This is one of the posts in a series of introductory Python articles. These posts explain programming principles in a simplified way and show very basic Python code that should help folks learning Python to get a better understanding of some concepts. In this post, I’ll share some notes about writing and working with functions in Python that beginners may find useful.

Defining functions

Functions are used to include a piece of code that may be called multiple times from various parts of your program or code base. If you have multiple Python modules and each of them needs to execute the same piece of code, it makes sense to move this common code snippet into a separate module where you would make this code available as a function.

There are multiple advantages of using functions (instead of having duplicate code present across multiple modules). Most importantly, if you define functions, when the code needs to be changed, it is changed only in one place and there is less code to maintain and read. It also becomes easier to debug and to refactor the code.

Let’s create a new function that will sum values within a collection.

def calculate_sum(collection):
    """Return a sum of numbers within a collection."""
    result = 0
    for i in collection:
        result = result + i
    return result

calculate_sum([1, 2, 3, 4, 5])       
# 15

Python functions are defined using the def keyword; a function can also have some input arguments specified. The arguments can have arbitrary names, but it’s helpful to name arguments based on what kind of values they will refer to.

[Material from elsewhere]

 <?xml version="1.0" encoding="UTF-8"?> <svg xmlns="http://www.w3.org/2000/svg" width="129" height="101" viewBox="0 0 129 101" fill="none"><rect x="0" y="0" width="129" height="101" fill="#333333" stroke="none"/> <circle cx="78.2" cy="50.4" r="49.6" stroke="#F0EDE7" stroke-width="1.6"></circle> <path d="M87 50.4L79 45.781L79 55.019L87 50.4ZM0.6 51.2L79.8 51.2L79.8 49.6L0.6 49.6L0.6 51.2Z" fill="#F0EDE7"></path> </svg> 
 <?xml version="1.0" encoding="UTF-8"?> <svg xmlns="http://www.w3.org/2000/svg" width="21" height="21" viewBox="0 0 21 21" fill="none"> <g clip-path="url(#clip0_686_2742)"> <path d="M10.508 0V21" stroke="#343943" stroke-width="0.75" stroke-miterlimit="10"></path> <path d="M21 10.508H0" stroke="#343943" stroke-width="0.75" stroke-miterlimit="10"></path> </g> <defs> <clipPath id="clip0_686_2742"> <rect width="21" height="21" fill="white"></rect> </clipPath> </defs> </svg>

The string in the triple quotes Return a sum of numbers within a collection is called a docstring as this one provides documentation over what this function does. In order for this docstring to be accessible by Python internally and within your favorite IDE, it has to be on the first line after the def line.

Thereafter, the code that should be executed is added. The input arguments can be used within the function body as one usually wants to do some work with the values that have been supplied. However, it’s not uncommon to use functions that do the same thing over and over again without really asking for any input data. Maybe you want to delete all files within a known location before proceeding any further and there is no need to specify the folder name when calling the function.

The last statement return, is always the last row of function code that will be executed. One usually wants to collect the results of the function execution, and this is exactly what the return statement does. In other words, in the code below, the variable result will refer to the value that the function returns, in this case, the sum of the input numbers.

result = calculate_sum([1, 5, 7])

Function doesn’t have to return anything, such as with the case of cleaning up the folder, but it may be helpful to provide the caller with some feedback on the execution status (perhaps, a list of files that have been deleted).

Return values for functions

Keep in mind that function can return not only scalar values such as numbers or strings, but essentially any kind of Python object including None, False/True, a class instance, a dictionary and so forth. What is even more interesting, is that even though a function can indeed return just a single object, this object can be a container of multiple objects. Let’s build a function that will return a tuple of multiple pieces of statistics:

from collections import Counter

def get_collection_stats(collection):
    """Return a tuple of average, mode, max, and min values"""   
    avg_val = int(sum(collection) / len(collection))
    max_val = max(collection)
    min_val = min(collection)
    mode_val = Counter(collection).most_common(1)[0][0]
    return (avg_val, max_val, min_val, mode_val)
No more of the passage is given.